What is expected = If a record holds a picture, please leave the picture out and copy the rest of the record exactly.

START Excerpted records

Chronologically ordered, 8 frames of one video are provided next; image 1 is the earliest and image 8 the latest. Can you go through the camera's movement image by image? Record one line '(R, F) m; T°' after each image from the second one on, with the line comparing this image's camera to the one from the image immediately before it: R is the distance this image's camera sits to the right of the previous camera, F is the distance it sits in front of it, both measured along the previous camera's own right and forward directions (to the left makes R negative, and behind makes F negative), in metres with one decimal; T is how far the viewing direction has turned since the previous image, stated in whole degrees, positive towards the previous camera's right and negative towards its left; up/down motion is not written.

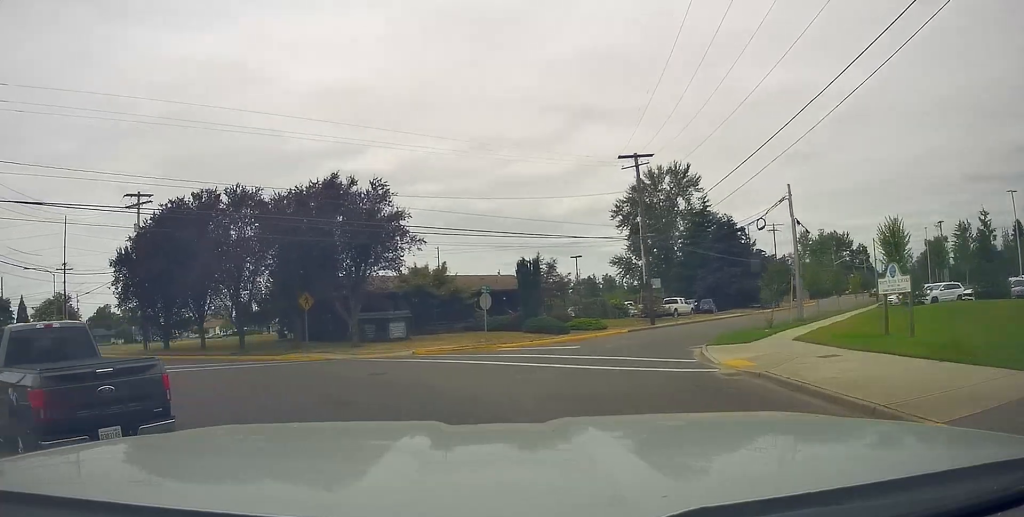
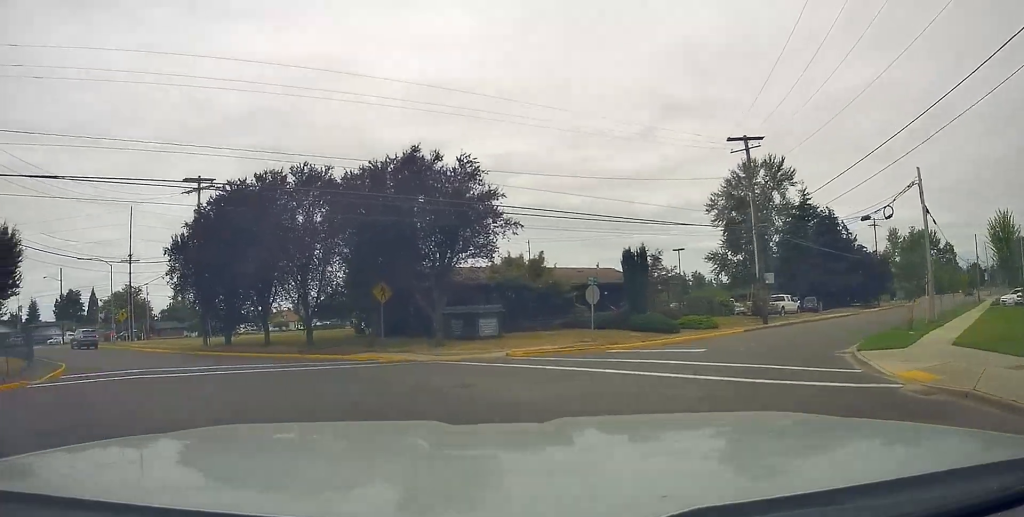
(-0.1, +2.4) m; -6°
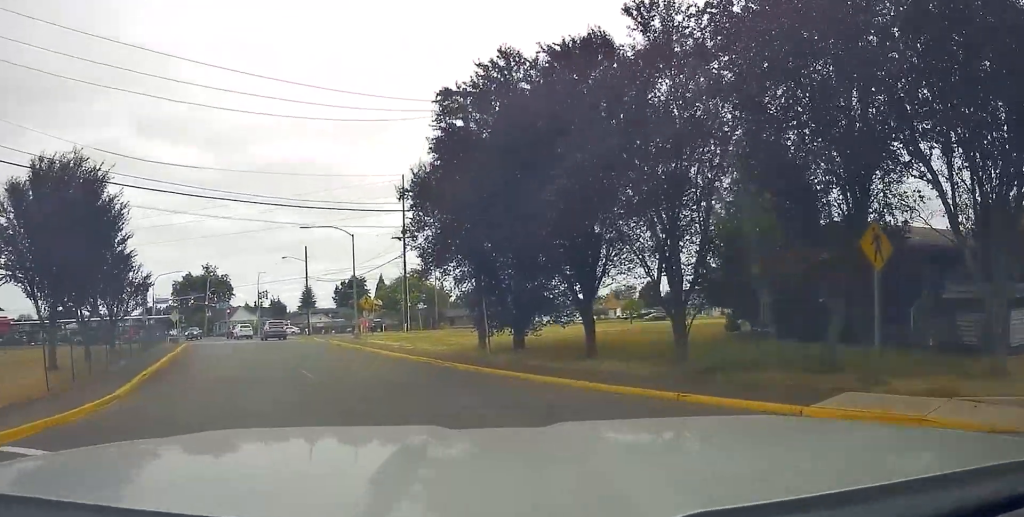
(-3.5, +12.1) m; -30°
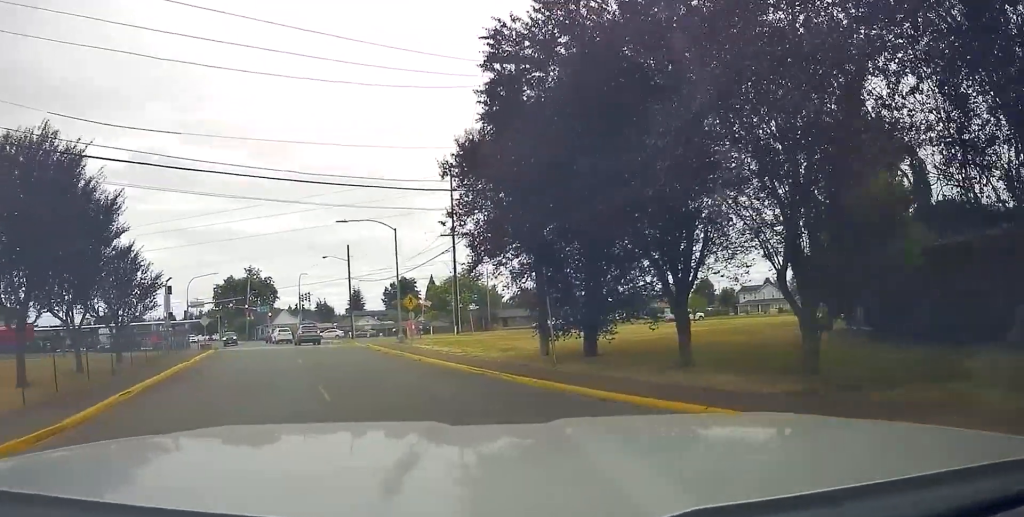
(-0.2, +4.4) m; -5°
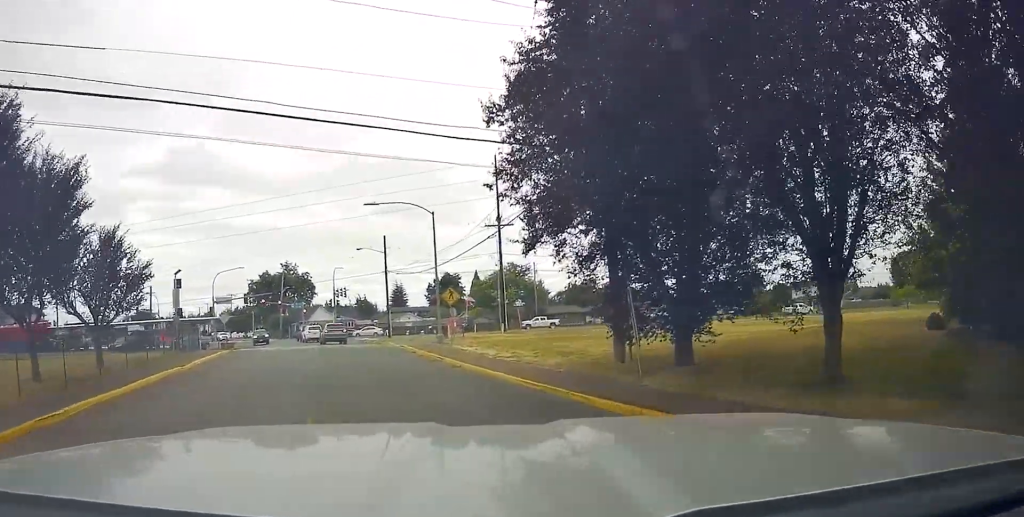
(-0.2, +5.2) m; -6°
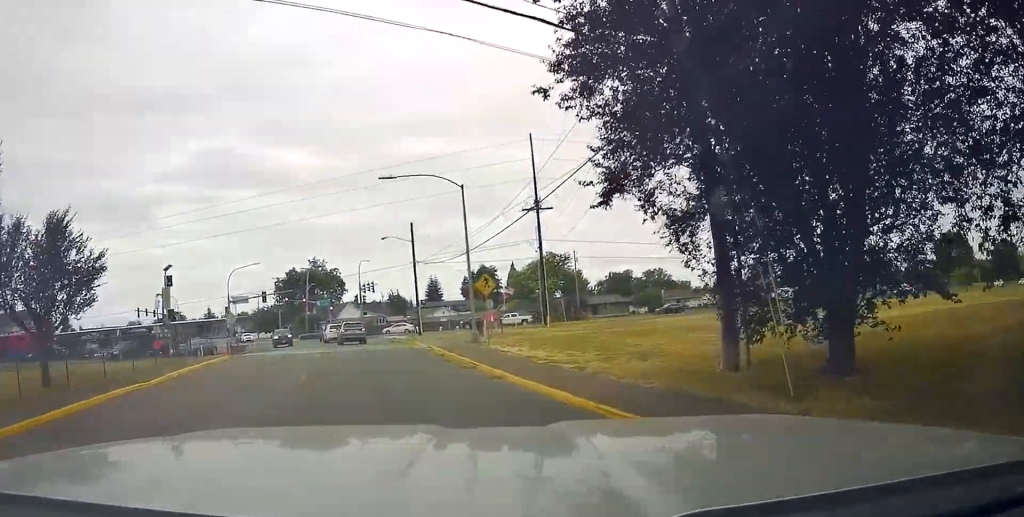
(-0.4, +5.9) m; -6°
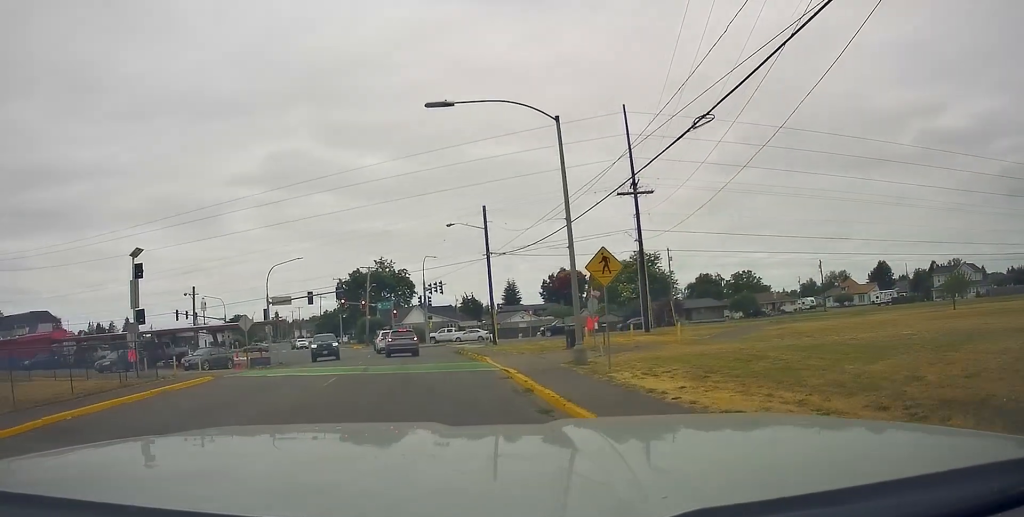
(-0.6, +11.1) m; -5°
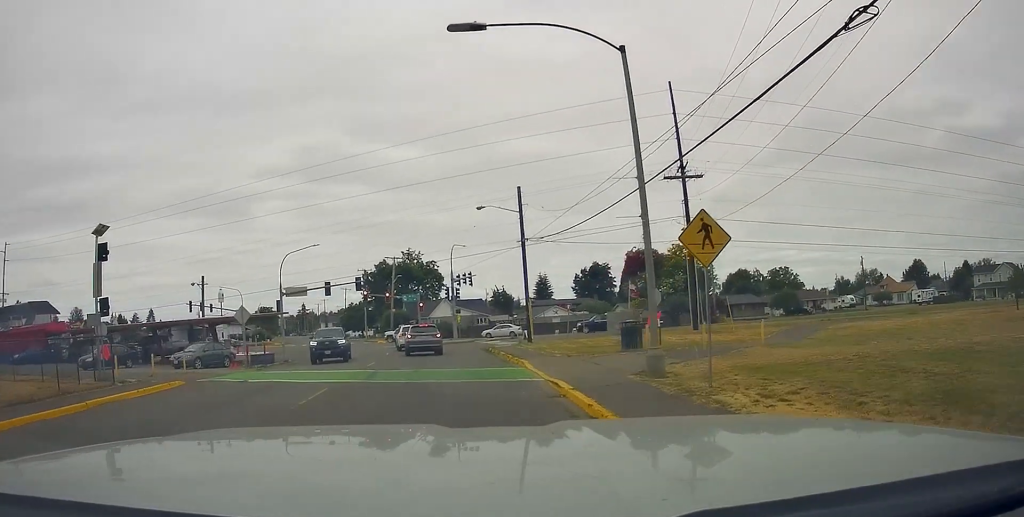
(+0.2, +5.1) m; -5°

END Excerpted records

Exercise result =
Chronologically ordered, 8 frames of one video are provided next; image 1 is the earliest and image 8 the latest. Can you go through the camera's movement image by image? Record one line '(R, F) m; T°' after each image from the second one on, with the line comparing this image's camera to the one from the image immediately before it: R is the distance this image's camera sits to the right of the previous camera, F is the distance it sits in front of it, both measured along the previous camera's own right and forward directions (to the left makes R negative, and behind makes F negative), in metres with one decimal; T is how far the viewing direction has turned since the previous image, stated in whole degrees, positive towards the previous camera's right and negative towards its left; up/down motion is not written.

(-0.1, +2.4) m; -6°
(-3.5, +12.1) m; -30°
(-0.2, +4.4) m; -5°
(-0.2, +5.2) m; -6°
(-0.4, +5.9) m; -6°
(-0.6, +11.1) m; -5°
(+0.2, +5.1) m; -5°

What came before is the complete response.